It comes after Mr Trump, the presumptive Republican presidential candidate, said he was happy to see London’s new Muslim mayor elected, saying it could be "very, very good".
The billionaire property mogul caused international outrage when he called for the temporary ban after the November 2015 Paris attacks. David Cameron labelled the idea "stupid" and calls to ban Mr Trump from entering Britain were raised in Parliament after a petition attracted nearly 600,000 signatures.
“This isn’t just about me – it’s about my friends, my family and everyone who comes from a background similar to mine, anywhere in the world,” Mr Khan said.
“Donald Trump’s ignorant view of Islam could make both our countries less safe – it risks alienating mainstream Muslims around the world and plays into the hands of the extremists.

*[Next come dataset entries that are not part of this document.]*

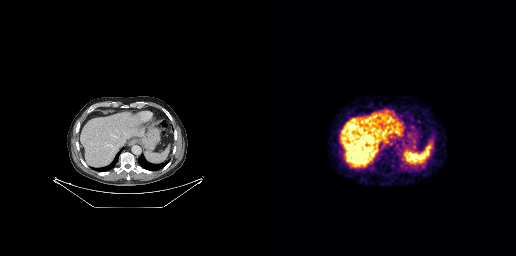
- Paired axial CT (left) and PSMA PET (right), 68Ga tracer
- acquired on GE Discovery 690
Findings: No tumor lesions annotated on this slice.
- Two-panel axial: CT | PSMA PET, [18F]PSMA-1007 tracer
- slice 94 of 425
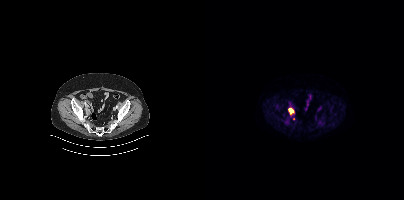
Findings: Coordinates are on the 200×200 PET (right) panel. PSMA-avid tumor lesion bounding box (x, y, width, height): x=84 y=108 w=7 h=7. Small PSMA-avid focus (2 to 4 px across) near (center x, center y): (89, 118).

“Donald Trump and those around him think that western liberal values are incompatible with mainstream Islam - London has proved him wrong.”

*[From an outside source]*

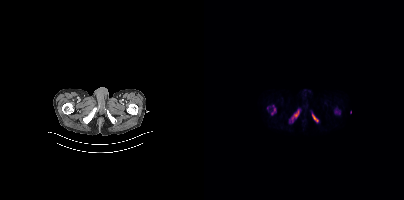
Coordinates are on the 200×200 PET (right) panel. (showing 4 of 5 foci) PSMA-avid tumor lesion bounding boxes (x0,y0,x1,y1): [90,111,94,117], [67,108,71,114]. Small PSMA-avid foci (2 to 4 px across) near (center x, center y): (112, 119), (109, 115).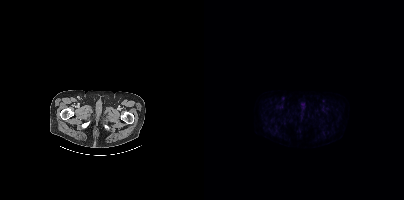
{"modality":"PSMA PET/CT","view":"axial","tracer":"18F-PSMA","pet_grid":[200,200],"coord_frame":"pet_panel","coord_format":"x0,y0,x1,y1","psma_avid_lesions":false}

Asked by the New York Times how the ban would affect London’s new Muslim Mayor, Mr Trump said there would "always be exceptions".
After being declared winner of the mayoral race on Saturday, Mr Khan said he rejected the "politics of fear" as he promised to be a "Mayor for all Londoners".
Commenting on the election, Mr Trump said: "I was happy to see that. I think it's a very good thing, and I hope he does a very good job because frankly that would be very, very good."
Asked to explain, he added: "Because I think if he does a great job, it will really – you lead by example, always lead by example. If he does a good job, and frankly if he does a great job, that would be a terrific thing."
Mr Khan told Time magazine earlier this week that he was confident Mr Trump's approach to politics would not prevail when America goes to the polls in November.
He warned: "I want to go to America to meet with and engage with American mayors. If Donald Trump becomes the president I'll be stopped from going there by virtue of my faith, which means I can't engage with American mayors and swap ideas."
Mr Khan led his Conservative rival Zac Goldsmith by a total of 315,529 votes when the second preference votes were counted and reallocated. He received 1,310,143 votes, higher than for any previous London Mayor.